For a differentiable function $f : \mathbb{R} \to \mathbb{R}$ with $|f'(x)|\leq 1$ and any set $E \subset \mathbb{R}$
$$m^*(f(E)) \leq m^*(E)$$
where $m^*$ is the outer Lebesgue measure
First, the definition of the outer measure
$$m^*(E) = \inf \bigg\{ \sum_{n=1}^\infty(b_n – a_n): \bigcup_{n=1}^\infty(a_n, b_n) \supset E \bigg\}$$
From the definition of derivative, we have that
$$|f'(x)| = \lim_{x\to y}\bigg|\frac{f(x)-f(y)}{x-y} \bigg| \leq 1$$
Which gives that $\forall x \in E \Rightarrow |f(x)-f(y)| \leq
|x-y|$
Therefore, when calculating $m^*(f(E))$, we know that $f(E) \subset f(\bigcup_{n=1}^\infty (a_n, b_n)) = \bigcup_{n=1}^\infty (f((a_n, b_n))) = \bigcup_{n=1}^\infty (f(a_n), f(b_n))$
Therefore,
$$\sum_{n=1}^\infty (f(b_n) – f(a_n)) \leq \sum_{n=1}^\infty (b_n – a_n)$$
Which, by definition means that
$$m^*(f(E)) \leq m^*(E)$$
Is this good enough? I think I might be missing something or not making this rigurous enough.

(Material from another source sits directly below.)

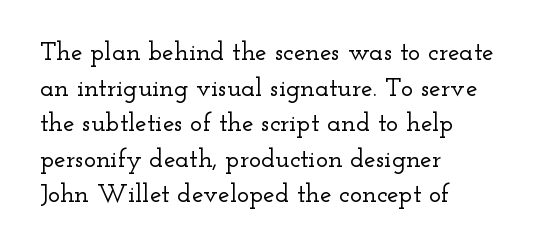
The image shows 26 px text type, upright; set left-aligned, normal line spacing (1.37x), normal letter spacing, not underlined.
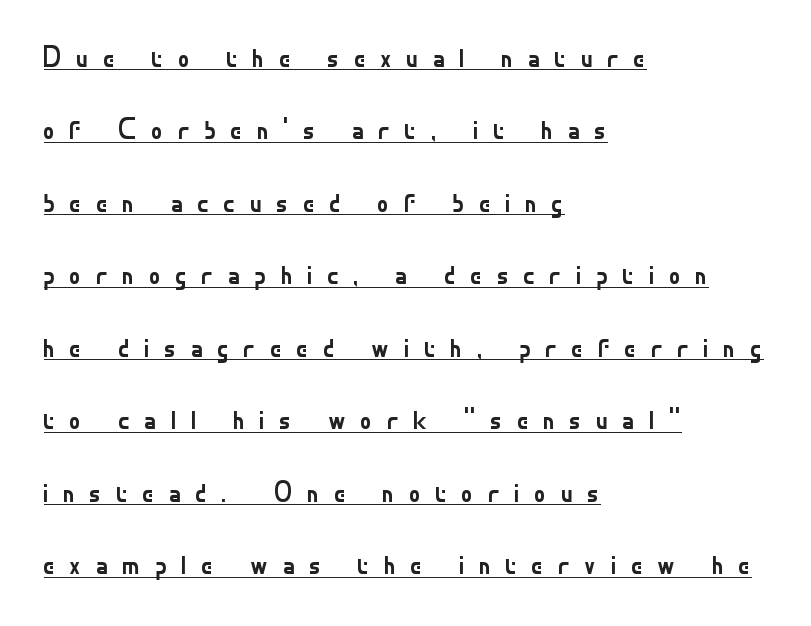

I don't knoe if this applies for any arbitrary subset $E \subset \mathbb{R}$ or just an interval. If it is just an interval I can define $E$ as a countable union of disjoint intervals (previous problem) $E = \bigcup_{n=1}^\infty I_n$ which gives
$$m^*(f(E)) = m^* \big( f \big( \bigcup_{j=1}^\infty I_j\big)\big) = m^*\big[ \bigcup_{j=1}^\infty f(I_j) \big] \leq \sum_{n=1}^\infty m^*(f(I_j)) \leq \sum_{n=1}^\infty m^*(I_j)$$
But I am lost in this step.
Thanks for the help! 🙂
Best Answer
You have made a mistake in writing $f(a_n,b_n)$ as $(f(a_n),f(b_n))$. To correct this error you gave to argue that $f(a_n,b_n) \subset [f(c_n),f(d_n)]$ where $c_n$ is the point in $[a_n,b_n]$ where $f$ attains its minimum and where $d_n$ is the point in $[a_n,b_n]$ where $f$ attains its maximum. Hence $m^{*}(f(a_n,b_n)) \leq m^{*} [f(c_n),f(d_n)] =f(d_n)-f(c_n)\leq b_n-a_n$ by MVT.